■ **Data to process**:

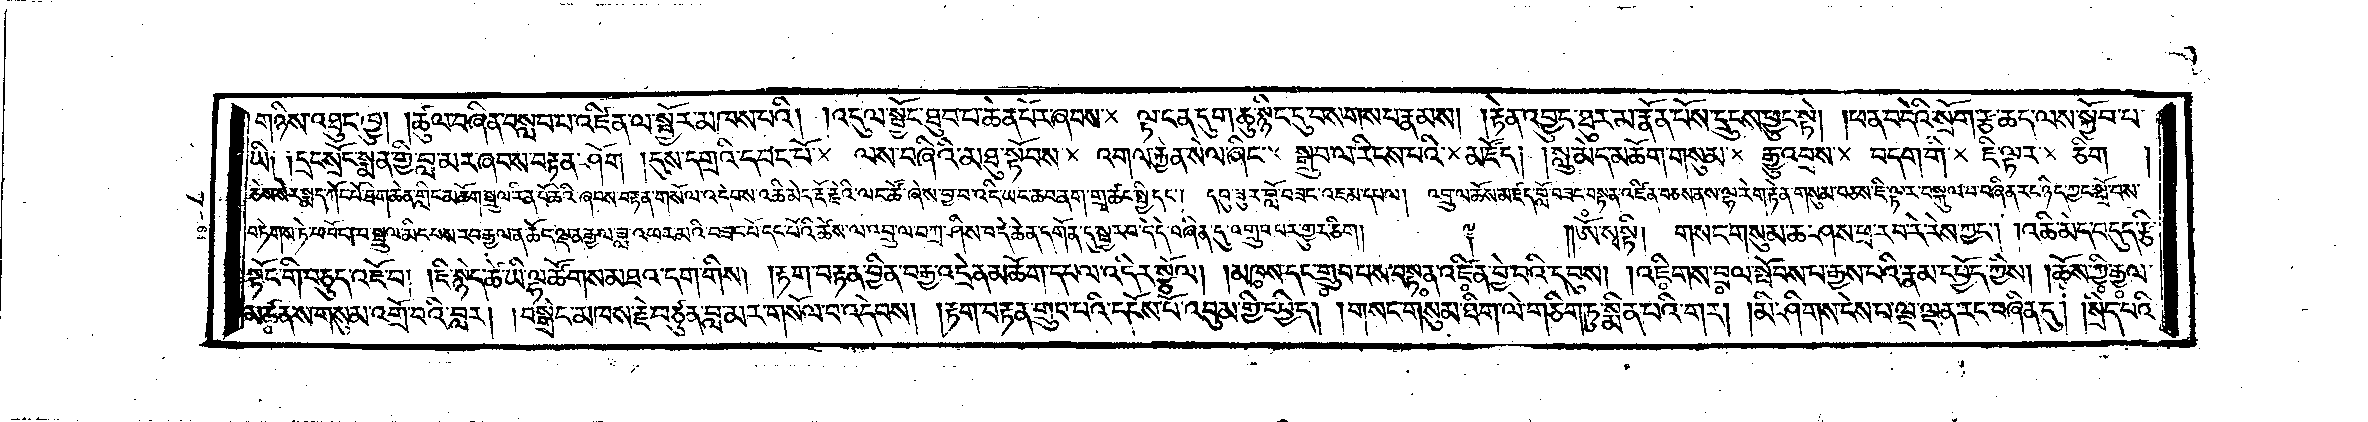གཉིས་འཐུང་ཁྱུ། །ཚུལ་བཞིན་བསླང་པ་འཛིན་ལ་སྦྱོར་མཁས་པའི། །འདུལ་སྦྱོང་ཐུབ་པ་ཆེན་པོར་ཞབས་྾་ལྟ་ངན་དུག་ཆུ་སྙིང་དུ་བསགས་པ་རྣམས། །རྟེན་འབྱུང་ཐུར་མ་རྣོན་པོས་དྲུངས་ཕྱུང་སྟེ། །ཕན་བདེའི་སྲོག་རྩ་ཆད་ལས་སྐྱོབ་པ་
ཡི༑ ༑དྲང་སྲོང་སྨན་གྱི་བླ་མར་ཞབས་བརྟན་ཤོག །དུས་དགྲའི་དབང་བོ་྾་ལས་བཞིའི་མཐུ་སྟོབས་྾་འགལ་རྐྱེན་སེལ་ཞིང་྾་སྒྲུབ་ལ་རིངས་པའི་྾་མཛོད། །སླུ་མེད་མཆོག་གསུམ་྾་རྒྱུ་འབྲས་྾་བདག་གི་྾་ཇི་ལྟར་྾་ཅིག །
ཅེས་སེར་སྨད་ཀོང་པོ་ཐེག་ཆེན་གླིང་མཆོག་སྤྲུལ་རིན་པོ་ཆེའི་ཞབས་བརྟན་གསོལ་འདེབས་འཆི་མེད་རྡོ་རྗེའི་ལང་ཚོ་ཞེས་བྱ་བ་འདི་ཡང་ཆབ་ནག་གྲྭ་ཚང་སྤྱི་དང་། དབུ་ཟུར་བློ་བཟང་འཇམ་དཔལ། འབྲུ་ལ་ཆོས་མཛད་བློ་བཟང་བསྟན་འཛིན་བཅས་ནས་ལྷ་རེག་རྟེན་གསུམ་བཅས་ཇི་ལྟར་བསྐུལ་བ་བཞིན་རང་ཉིད་ཀྱང་སྤྲོ་བས་
བཏེགས་ཏེ་ཕ་བོང་ཁ་སྤྲུལ་མིང་པས་རབ་རྒྱལ་ན་ཚོད་ལྡན་རྒྱལ་ཟླ་བ་ཕར་མའི་བཟང་པོ་དང་པོའི་ཚེས་ལ་འབྲུ་ལ་བཀྲ་ཤིས་བདེ་ཆེན་དགོན་དུ་སྦྱར་བ་དེ་དེ་བཞིན་དུ་འགྲུབ་པར་གྱུར་ཅིག ། ༈ །།ཨོཾ་སྭ་སྟི། གསང་གསུམ་ཆ་ཤས་ཕྲ་རབ་རེ་རེས་ཀྱང་། །འཆི་མེད་བདུད་རྩི་
སྟོང་གི་བཅུད་འཇོ་བ། །ཇི་སྙེད་ཚེ་ཡི་ལྷ་ཚོགས་མཐའ་དག་གིས། །རྟག་བརྟན་བྱིན་བརྒྱ་འདྲེན་མཆོག་དཔལ་འདིར་སྩོལ། །མཁས་དང་གྲུབ་པས་བསྟན་འཛིན་བྱེ་བའི་དབུས། །འཇིགས་བྲལ་སྤོབས་པ་རྒྱས་པའི་རྣམ་དཔྱོད་ཀྱིས། །ཆོས་ཀྱི་རྒྱལ་
མཚན་ས་གཅུ་མ་འཕྲོ་བའི་བླར། །བསྒྲེང་མཁས་རྗེ་བཙུན་བླ་མར་གསོལ་བ་འདེབས། །རྟག་བརྟན་གྲུབ་པའི་དངོས་པོ་འབུམ་གྱི་དཔྱིད། །གསང་གསུམ་ཐིག་ལེ་གཅིག་ཏུ་སྨིན་པའི་གར། །མི་ཤིགས་ངེས་པ་ལྔ་ལྡན་རང་བཞིན་དུ། །སྲིད་པའི་

■ **Work request**: Any picture in the material is to be dropped; the rest is repeated exactly.

■ **Answer to the problem**:
གཉིས་འཐུང་ཁྱུ། །ཚུལ་བཞིན་བསླང་པ་འཛིན་ལ་སྦྱོར་མཁས་པའི། །འདུལ་སྦྱོང་ཐུབ་པ་ཆེན་པོར་ཞབས་྾་ལྟ་ངན་དུག་ཆུ་སྙིང་དུ་བསགས་པ་རྣམས། །རྟེན་འབྱུང་ཐུར་མ་རྣོན་པོས་དྲུངས་ཕྱུང་སྟེ། །ཕན་བདེའི་སྲོག་རྩ་ཆད་ལས་སྐྱོབ་པ་
ཡི༑ ༑དྲང་སྲོང་སྨན་གྱི་བླ་མར་ཞབས་བརྟན་ཤོག །དུས་དགྲའི་དབང་བོ་྾་ལས་བཞིའི་མཐུ་སྟོབས་྾་འགལ་རྐྱེན་སེལ་ཞིང་྾་སྒྲུབ་ལ་རིངས་པའི་྾་མཛོད། །སླུ་མེད་མཆོག་གསུམ་྾་རྒྱུ་འབྲས་྾་བདག་གི་྾་ཇི་ལྟར་྾་ཅིག །
ཅེས་སེར་སྨད་ཀོང་པོ་ཐེག་ཆེན་གླིང་མཆོག་སྤྲུལ་རིན་པོ་ཆེའི་ཞབས་བརྟན་གསོལ་འདེབས་འཆི་མེད་རྡོ་རྗེའི་ལང་ཚོ་ཞེས་བྱ་བ་འདི་ཡང་ཆབ་ནག་གྲྭ་ཚང་སྤྱི་དང་། དབུ་ཟུར་བློ་བཟང་འཇམ་དཔལ། འབྲུ་ལ་ཆོས་མཛད་བློ་བཟང་བསྟན་འཛིན་བཅས་ནས་ལྷ་རེག་རྟེན་གསུམ་བཅས་ཇི་ལྟར་བསྐུལ་བ་བཞིན་རང་ཉིད་ཀྱང་སྤྲོ་བས་
བཏེགས་ཏེ་ཕ་བོང་ཁ་སྤྲུལ་མིང་པས་རབ་རྒྱལ་ན་ཚོད་ལྡན་རྒྱལ་ཟླ་བ་ཕར་མའི་བཟང་པོ་དང་པོའི་ཚེས་ལ་འབྲུ་ལ་བཀྲ་ཤིས་བདེ་ཆེན་དགོན་དུ་སྦྱར་བ་དེ་དེ་བཞིན་དུ་འགྲུབ་པར་གྱུར་ཅིག ། ༈ །།ཨོཾ་སྭ་སྟི། གསང་གསུམ་ཆ་ཤས་ཕྲ་རབ་རེ་རེས་ཀྱང་། །འཆི་མེད་བདུད་རྩི་
སྟོང་གི་བཅུད་འཇོ་བ། །ཇི་སྙེད་ཚེ་ཡི་ལྷ་ཚོགས་མཐའ་དག་གིས། །རྟག་བརྟན་བྱིན་བརྒྱ་འདྲེན་མཆོག་དཔལ་འདིར་སྩོལ། །མཁས་དང་གྲུབ་པས་བསྟན་འཛིན་བྱེ་བའི་དབུས། །འཇིགས་བྲལ་སྤོབས་པ་རྒྱས་པའི་རྣམ་དཔྱོད་ཀྱིས། །ཆོས་ཀྱི་རྒྱལ་
མཚན་ས་གཅུ་མ་འཕྲོ་བའི་བླར། །བསྒྲེང་མཁས་རྗེ་བཙུན་བླ་མར་གསོལ་བ་འདེབས། །རྟག་བརྟན་གྲུབ་པའི་དངོས་པོ་འབུམ་གྱི་དཔྱིད། །གསང་གསུམ་ཐིག་ལེ་གཅིག་ཏུ་སྨིན་པའི་གར། །མི་ཤིགས་ངེས་པ་ལྔ་ལྡན་རང་བཞིན་དུ། །སྲིད་པའི་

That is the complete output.